_Exercise objective_
This exercise asks for an exact copy of every entry below, with pictures omitted.

_Input for this task_

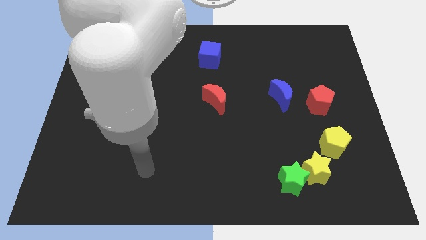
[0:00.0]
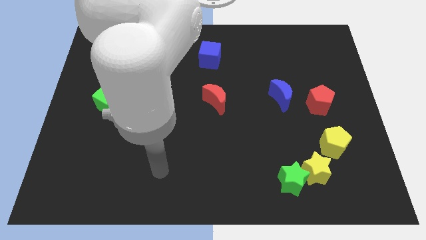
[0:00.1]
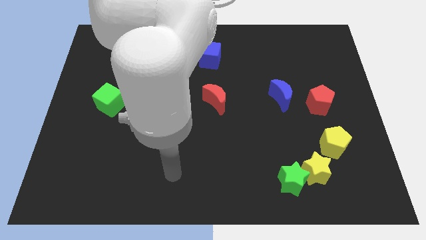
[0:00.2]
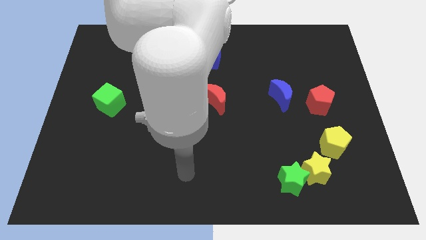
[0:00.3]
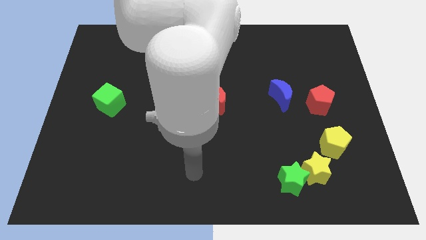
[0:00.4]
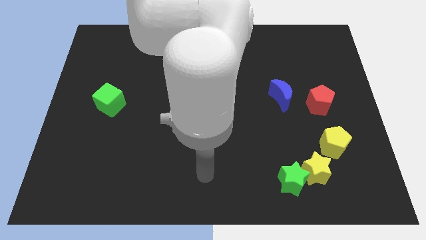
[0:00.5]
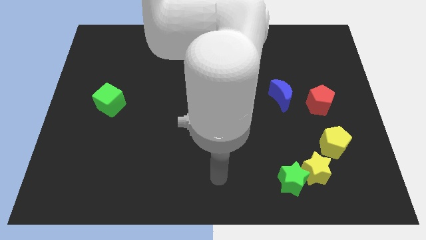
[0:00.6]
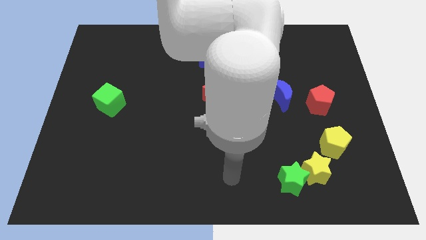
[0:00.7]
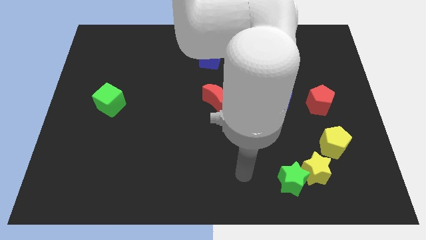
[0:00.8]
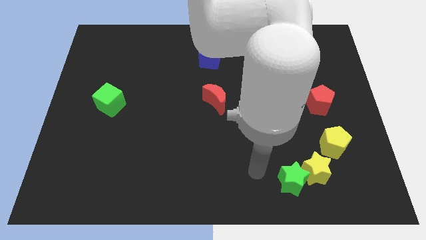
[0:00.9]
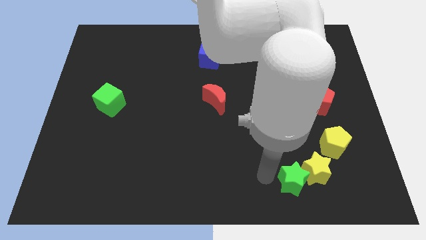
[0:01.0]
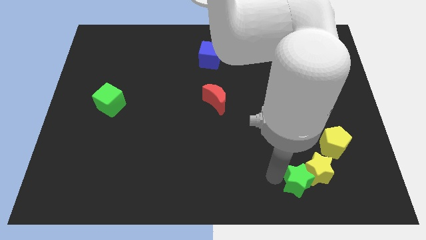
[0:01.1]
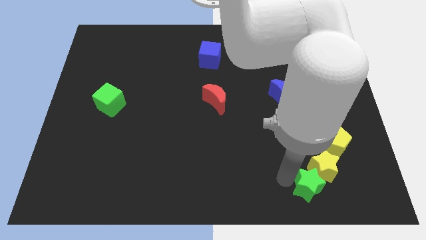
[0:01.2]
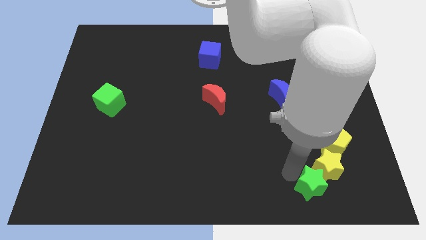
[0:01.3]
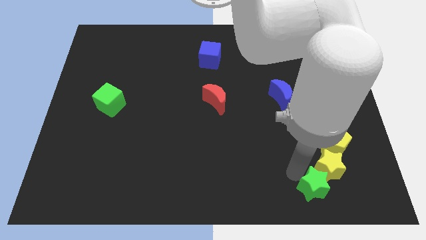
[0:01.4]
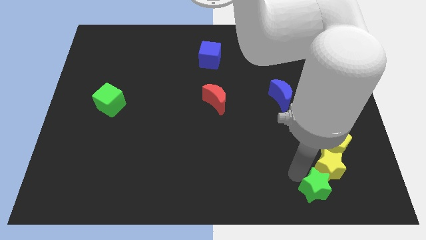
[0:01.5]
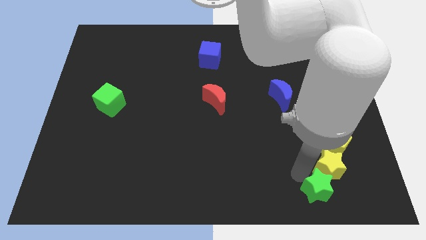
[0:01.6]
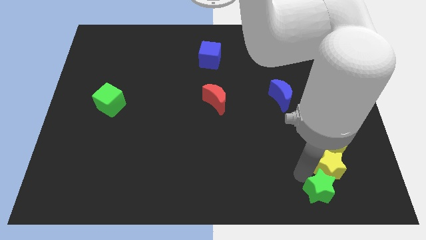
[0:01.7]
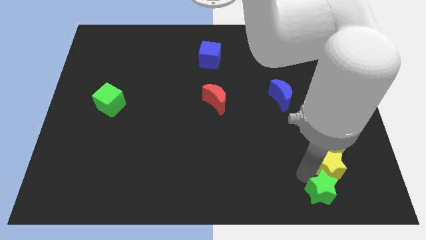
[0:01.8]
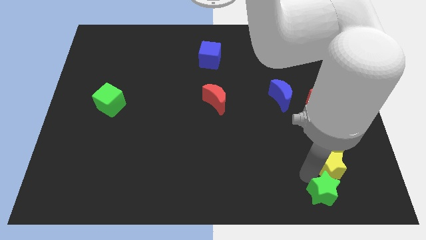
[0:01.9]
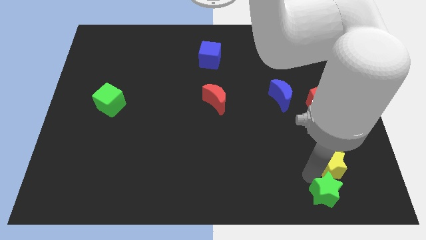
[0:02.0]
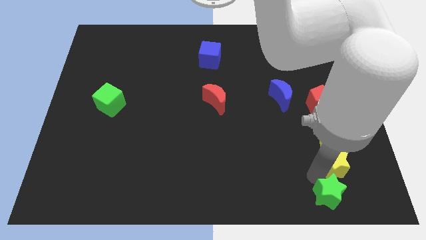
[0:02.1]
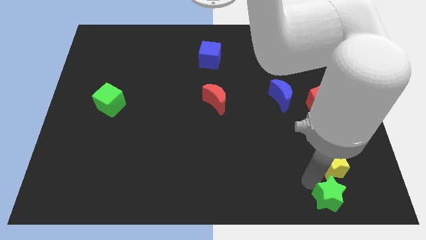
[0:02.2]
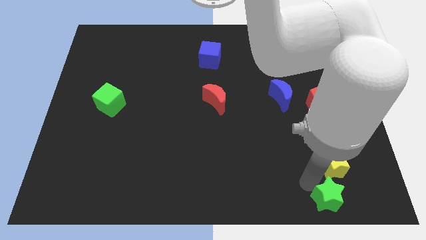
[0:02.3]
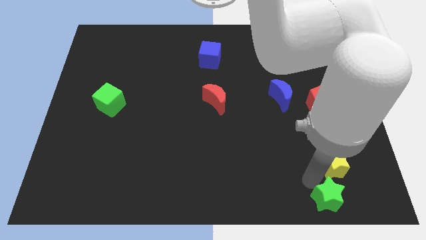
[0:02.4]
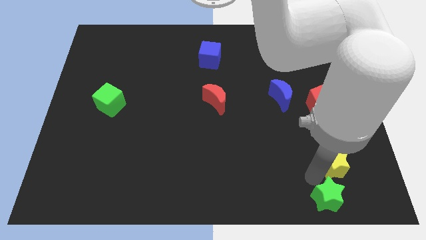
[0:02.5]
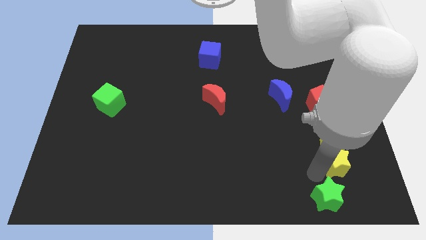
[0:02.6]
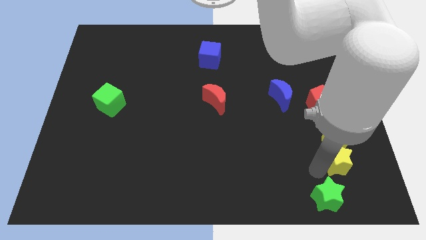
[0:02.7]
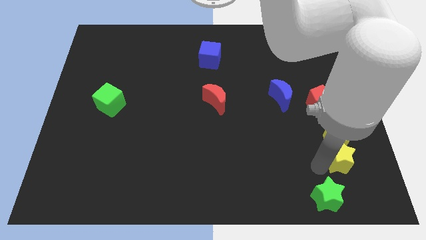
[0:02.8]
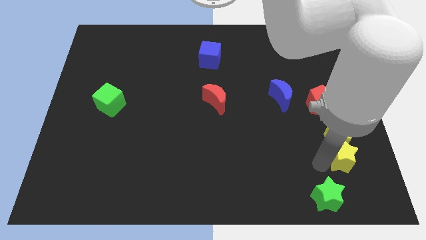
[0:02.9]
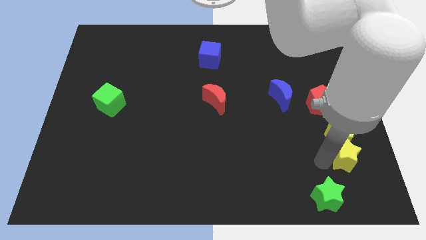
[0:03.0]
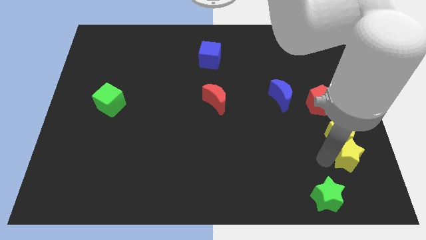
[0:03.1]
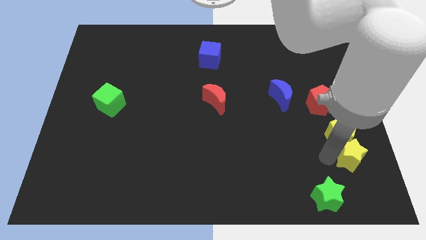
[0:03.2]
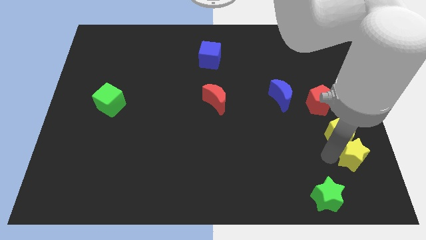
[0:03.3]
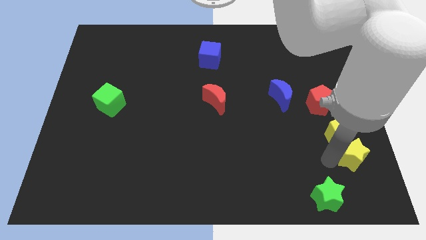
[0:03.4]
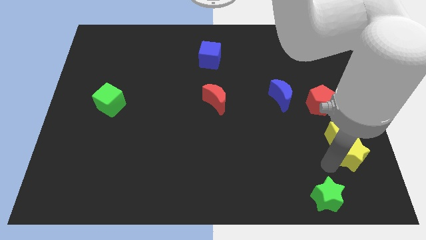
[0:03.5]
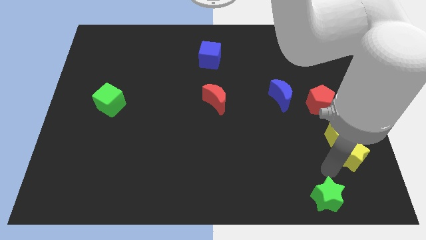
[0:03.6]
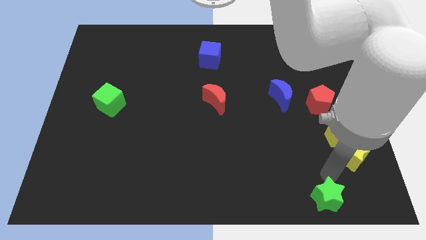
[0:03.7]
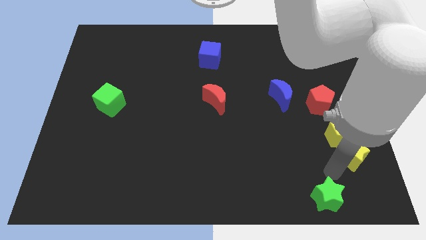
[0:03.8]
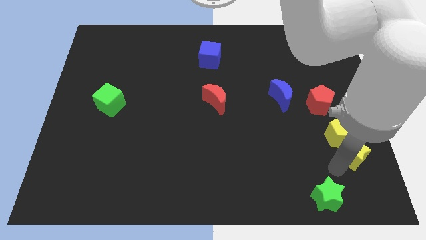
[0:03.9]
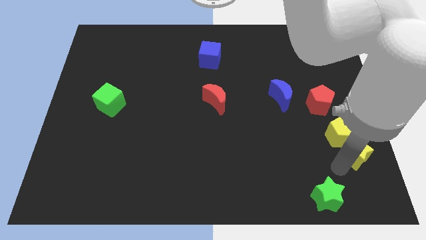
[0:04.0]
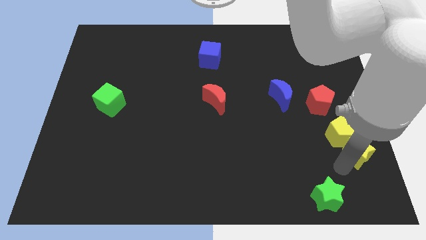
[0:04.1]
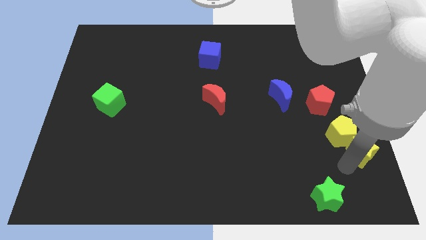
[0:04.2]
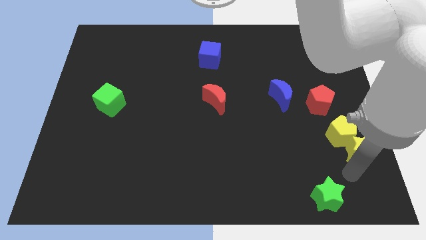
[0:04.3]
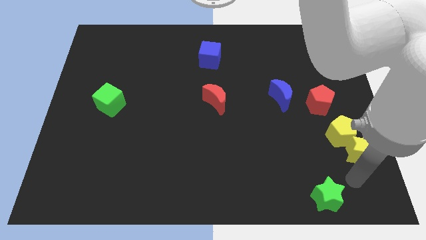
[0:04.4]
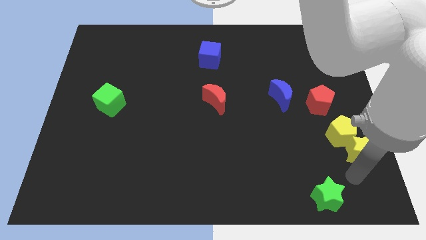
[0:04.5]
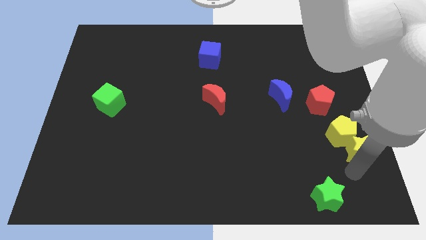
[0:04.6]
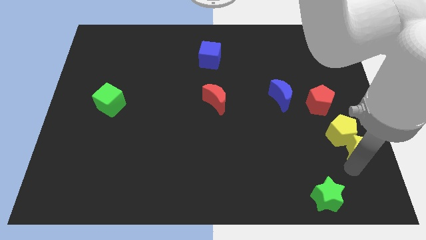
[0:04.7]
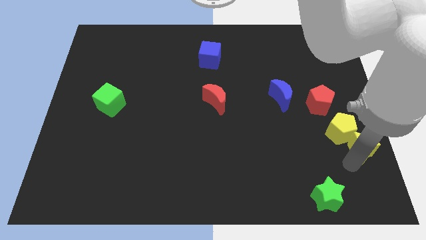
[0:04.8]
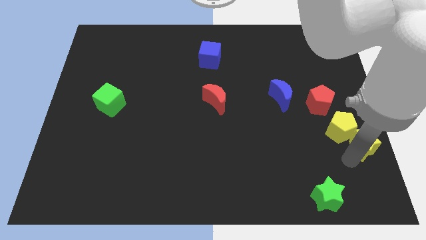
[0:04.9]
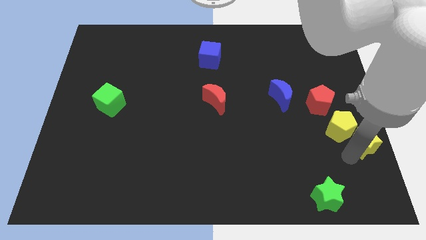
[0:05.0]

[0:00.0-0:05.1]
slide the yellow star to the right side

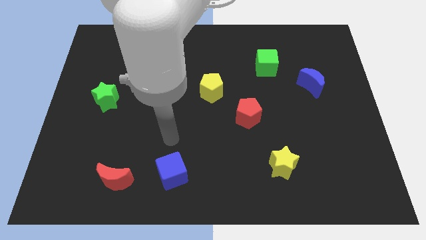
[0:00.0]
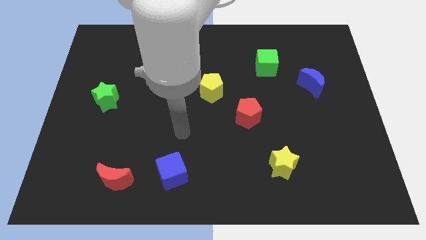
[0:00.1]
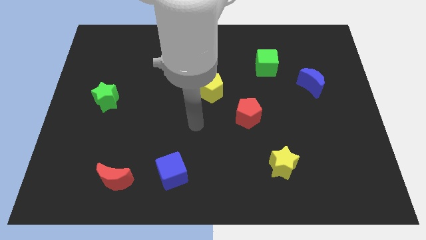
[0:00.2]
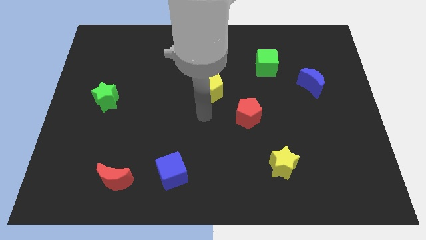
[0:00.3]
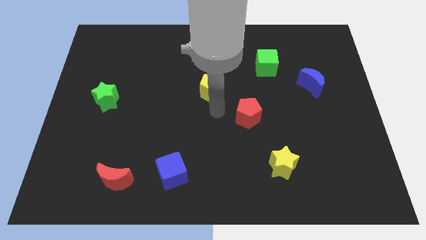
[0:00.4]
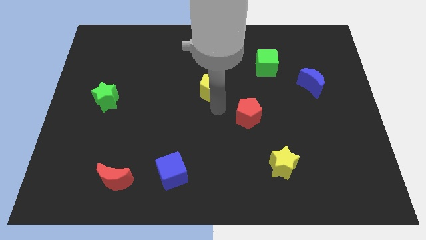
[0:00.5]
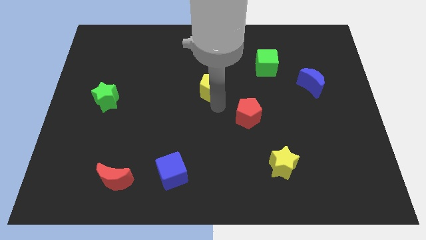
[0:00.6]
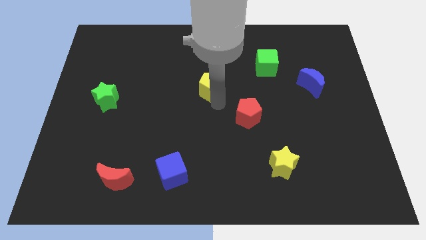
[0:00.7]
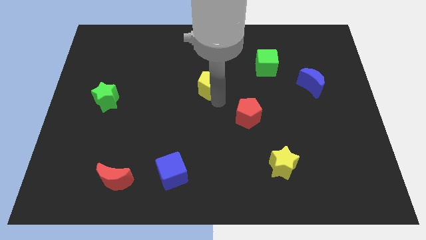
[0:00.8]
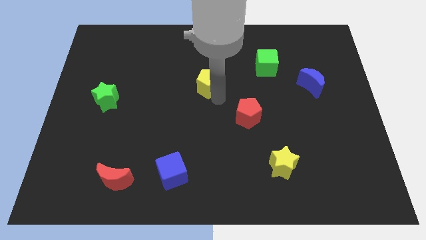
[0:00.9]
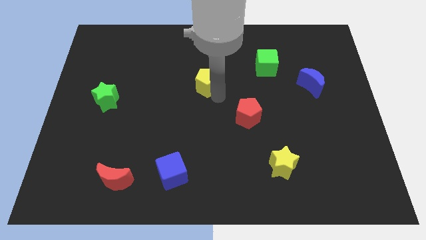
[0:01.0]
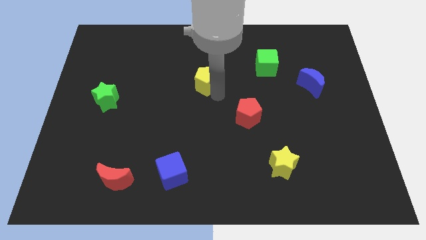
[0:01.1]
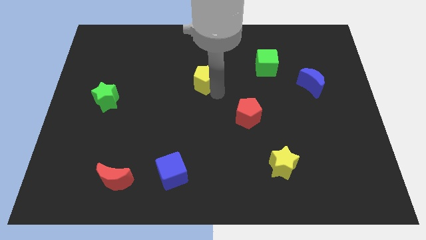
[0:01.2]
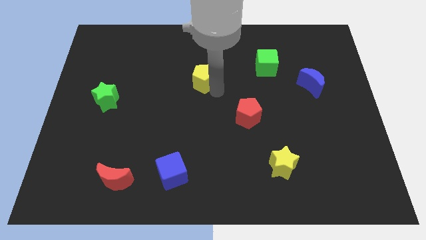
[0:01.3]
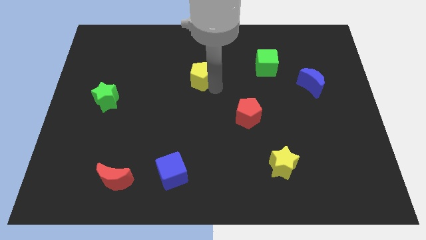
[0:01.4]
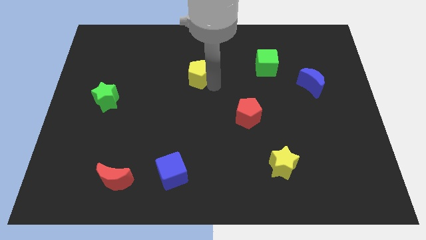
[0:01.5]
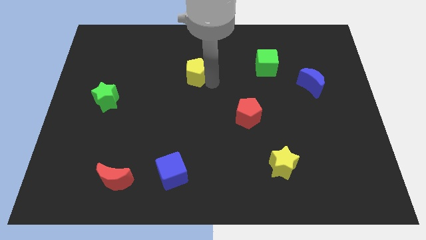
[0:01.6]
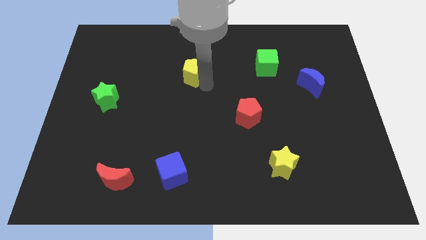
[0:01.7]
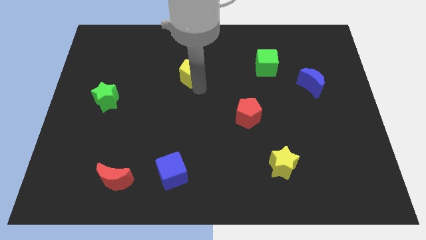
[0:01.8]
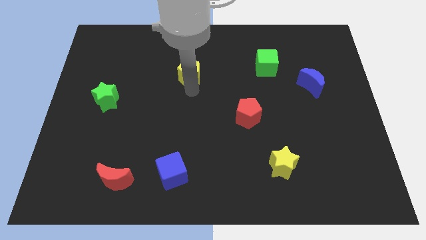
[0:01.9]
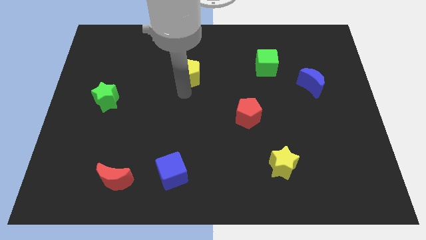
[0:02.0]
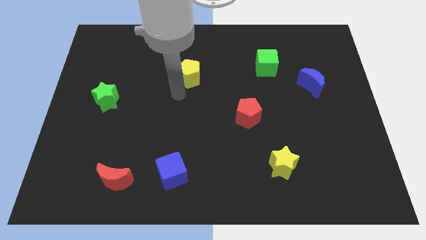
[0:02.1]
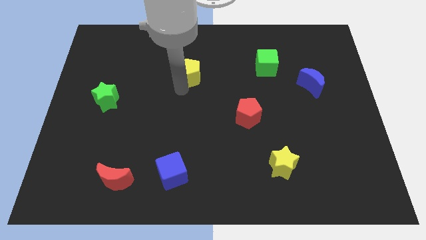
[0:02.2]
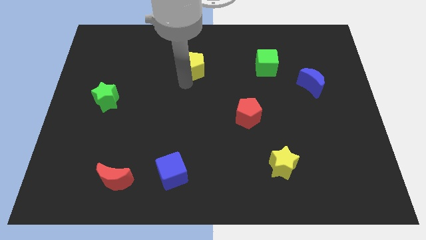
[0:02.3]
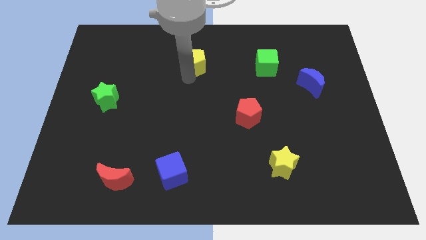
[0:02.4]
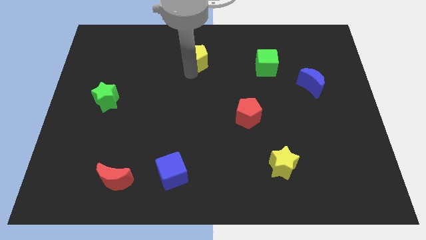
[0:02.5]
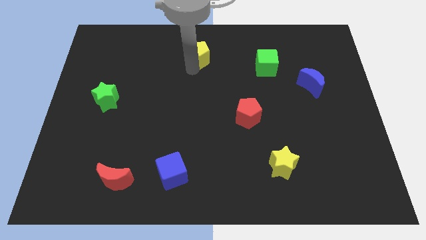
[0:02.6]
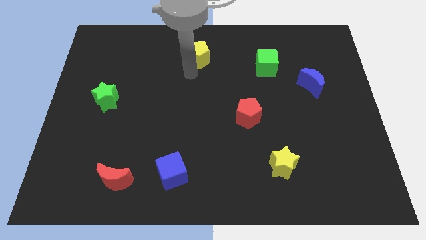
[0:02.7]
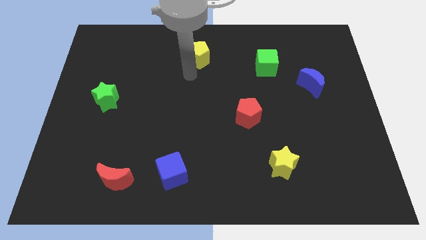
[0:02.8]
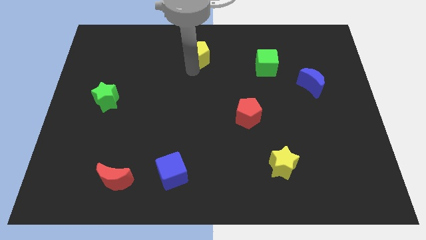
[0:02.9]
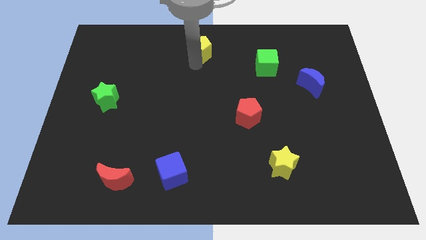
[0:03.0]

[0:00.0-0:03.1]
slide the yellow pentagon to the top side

_Expected output_
[0:00.0]
[0:00.1]
[0:00.2]
[0:00.3]
[0:00.4]
[0:00.5]
[0:00.6]
[0:00.7]
[0:00.8]
[0:00.9]
[0:01.0]
[0:01.1]
[0:01.2]
[0:01.3]
[0:01.4]
[0:01.5]
[0:01.6]
[0:01.7]
[0:01.8]
[0:01.9]
[0:02.0]
[0:02.1]
[0:02.2]
[0:02.3]
[0:02.4]
[0:02.5]
[0:02.6]
[0:02.7]
[0:02.8]
[0:02.9]
[0:03.0]
[0:03.1]
[0:03.2]
[0:03.3]
[0:03.4]
[0:03.5]
[0:03.6]
[0:03.7]
[0:03.8]
[0:03.9]
[0:04.0]
[0:04.1]
[0:04.2]
[0:04.3]
[0:04.4]
[0:04.5]
[0:04.6]
[0:04.7]
[0:04.8]
[0:04.9]
[0:05.0]

[0:00.0-0:05.1]
slide the yellow star to the right side

[0:00.0]
[0:00.1]
[0:00.2]
[0:00.3]
[0:00.4]
[0:00.5]
[0:00.6]
[0:00.7]
[0:00.8]
[0:00.9]
[0:01.0]
[0:01.1]
[0:01.2]
[0:01.3]
[0:01.4]
[0:01.5]
[0:01.6]
[0:01.7]
[0:01.8]
[0:01.9]
[0:02.0]
[0:02.1]
[0:02.2]
[0:02.3]
[0:02.4]
[0:02.5]
[0:02.6]
[0:02.7]
[0:02.8]
[0:02.9]
[0:03.0]

[0:00.0-0:03.1]
slide the yellow pentagon to the top side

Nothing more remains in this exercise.